LWA Pulsar data is reduced to a large number of data products with the intent to allow for us to do whatever reduction we wish to do and also to allow any future pulsar astronomers who grab the data from the LWA Pulsar Data Archive to do whatever it is they want to do. We reduce the data in such a way that there are files that support the following pulsar science:

  • Pulsar Timing
  • Polarization studies
  • Analysis of individual pulses
  • Pulse Profile vs frequency/time/whatever
  • Flux density measurements
  • Study of low frequency radio frequency interference

A typical LWA pulsar observation results in about 130 files that are useful for some sort of pulsar study. Of course, this is a fairly complicated process, but luckily the hard work has already been done to develop the various tools needed.

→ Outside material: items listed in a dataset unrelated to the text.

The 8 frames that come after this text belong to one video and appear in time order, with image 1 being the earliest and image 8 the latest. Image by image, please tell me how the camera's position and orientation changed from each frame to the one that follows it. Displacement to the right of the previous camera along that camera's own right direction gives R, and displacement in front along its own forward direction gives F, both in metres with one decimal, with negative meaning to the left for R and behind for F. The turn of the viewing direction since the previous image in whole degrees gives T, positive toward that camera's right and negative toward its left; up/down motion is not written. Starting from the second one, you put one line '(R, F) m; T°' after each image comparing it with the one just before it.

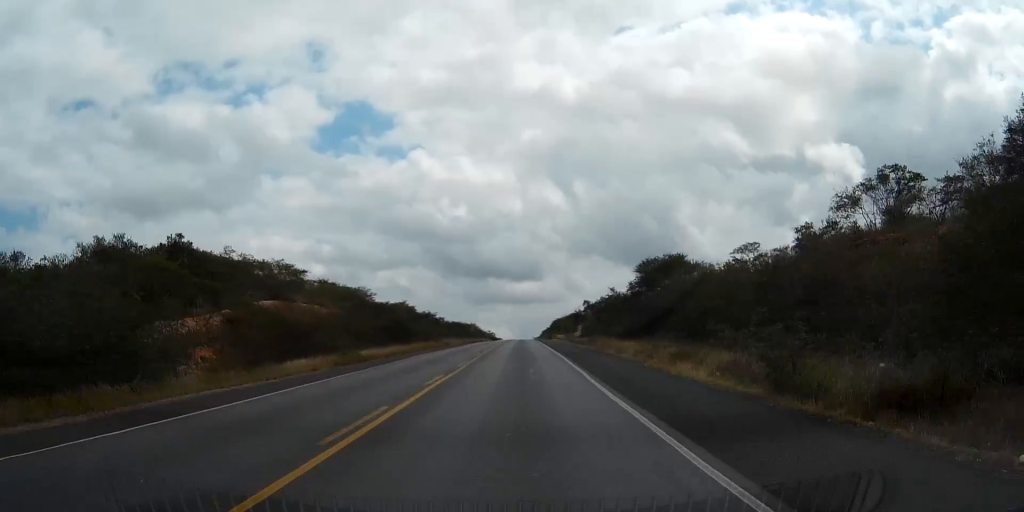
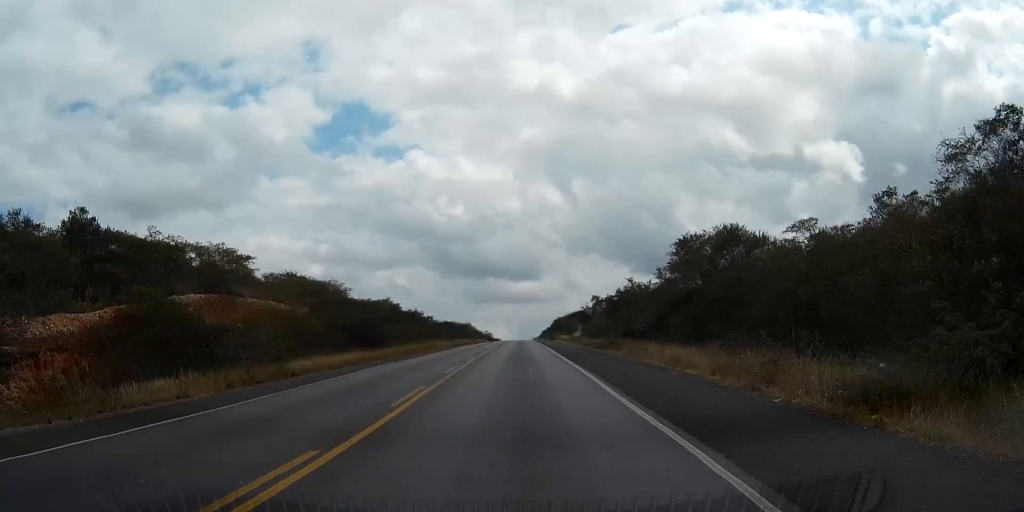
(0.0, +11.9) m; 0°
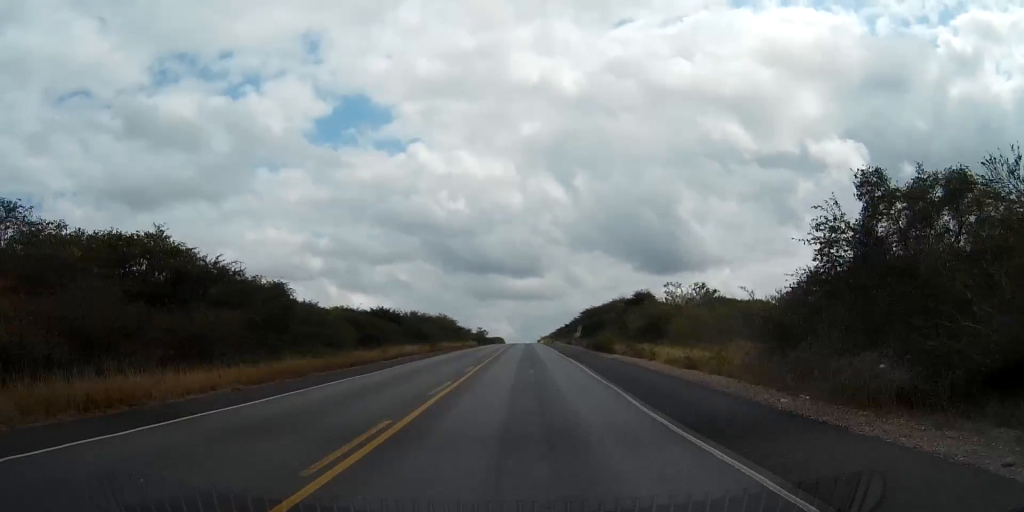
(-0.4, +60.5) m; -1°
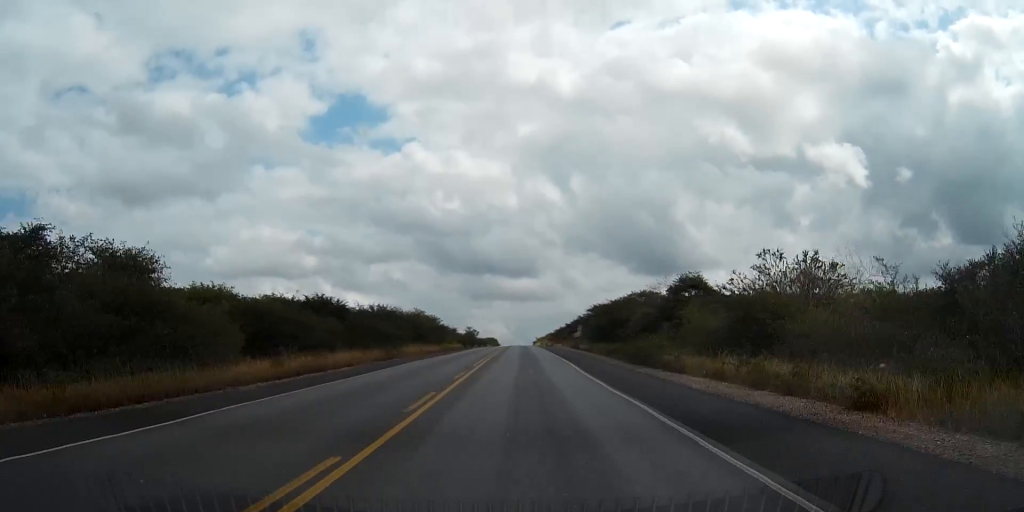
(-0.1, +18.4) m; 0°
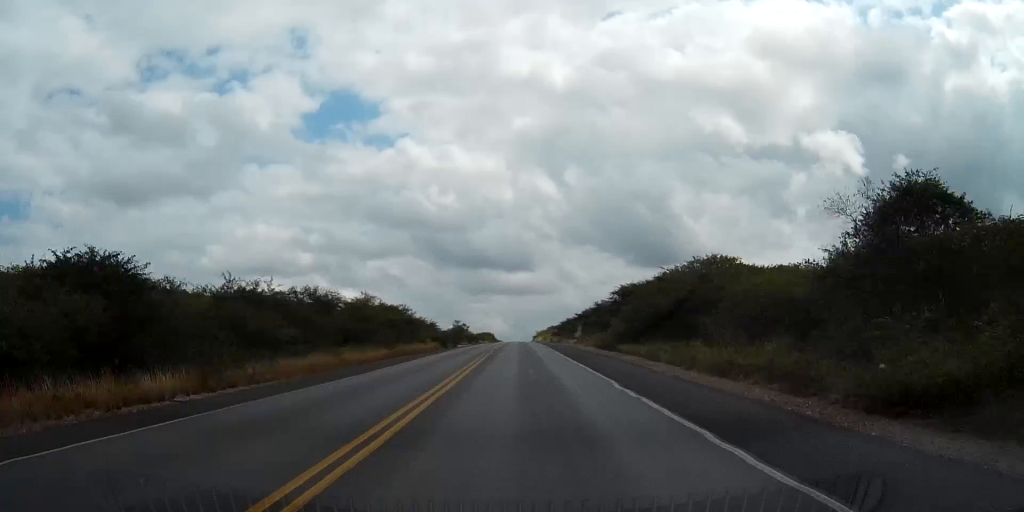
(+0.1, +25.6) m; 0°
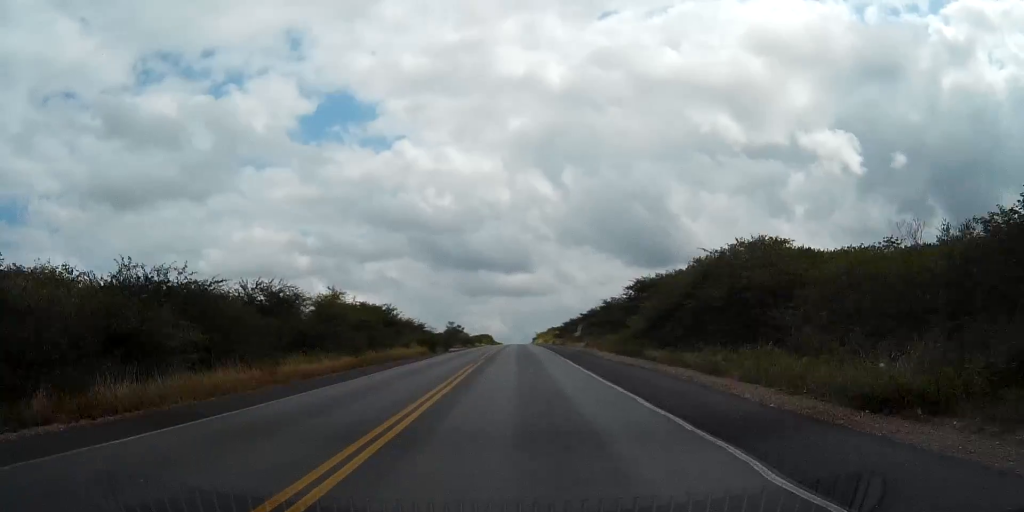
(0.0, +9.1) m; 0°
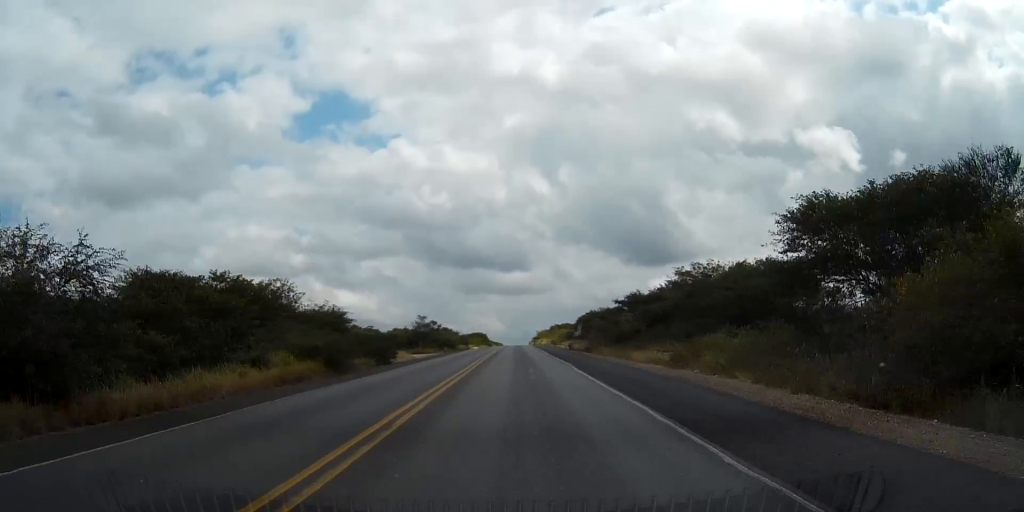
(+0.1, +33.4) m; 0°
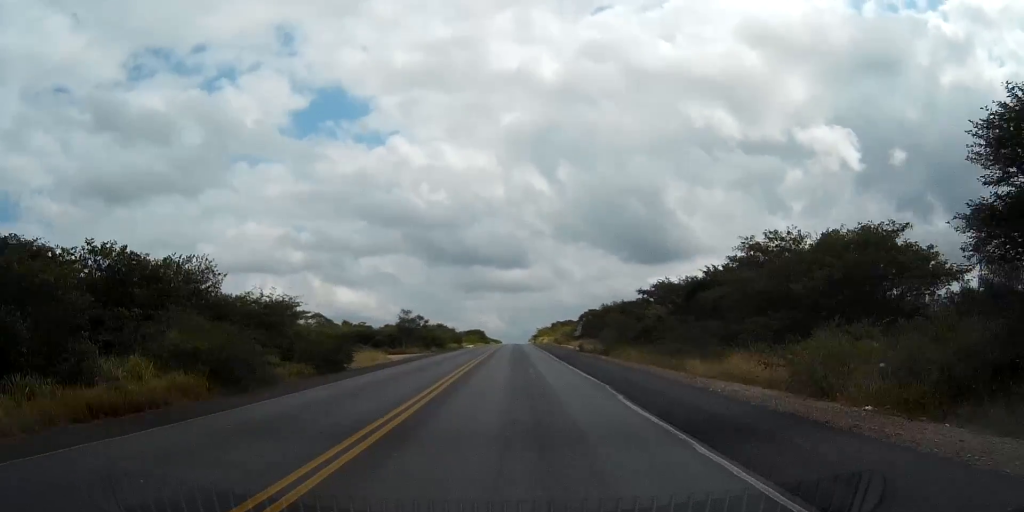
(0.0, +11.4) m; 0°

Checking a file for “timetag errors”

A station of the LWA consists of ~256 dipole antennas each with two polarizations for a total of 512 signals. These signals go into an analog receiver (ARX or ASP) and then into a digital processor (DP) which then sends the data into “Data Recorders” where the signal is written to a set of disks. If there is a slow down in DP or when writing the disks, there can be a break in the data. In order to know whether or not such a break has occurred, the data are recorded in pieces that we call “frames”. Each frame has a time tag recorded with it to let us know what time the data corresponds to. If there is a break in the data, we can tell from these time tags and we call these “timetag errors”. So, before getting into the rest of the data analysis, it is generally a good idea to check for these timetag errors at the beginning. This can be done using the command:

$ /usr/local/extensions/Commissioning//DRX/fastDRXCheck.py FILENAME

It would be useful to look at a case for a good file and for a bad one so that you know what you are looking for. Okay, so first a good file:

$ /home/jdowell/fastDRXCheck.py /data/network/recent_data/uvastudent/J1929+00/058043_000733414
Valid Byte Ranges:
             0, 569678328288 -> 530.554 GB or 138.003 Mframes
-> 100.0% contiguous in 4096 frame blocks

This says that the file goes from byte 0 to byte 569678328288 without any errors, so the file seems to not have any timetag issues. Now lets take a look at a file with one timetag error:

$ /home/jdowell/fastDRXCheck.py /data/network/recent_data/uvastudent/J1929+00/058043_000733413
Valid Byte Ranges:
             0,  90751227552 ->  84.519 GB or  21.984 Mframes
   90785997696, 569681316960 -> 446.006 GB or 116.011 Mframes
-> 100.0% contiguous in 4096 frame blocks

You can see that the output now has two lines and that there seems to be an error about 84.5 GB into the file. If you get a timetag error, typically the easiest thing to do is just split the file and process the pieces independently. You will have to let me know that you have timetag errors and I will split the file for you, because your account does not have write access to the directory in which the raw data is kept.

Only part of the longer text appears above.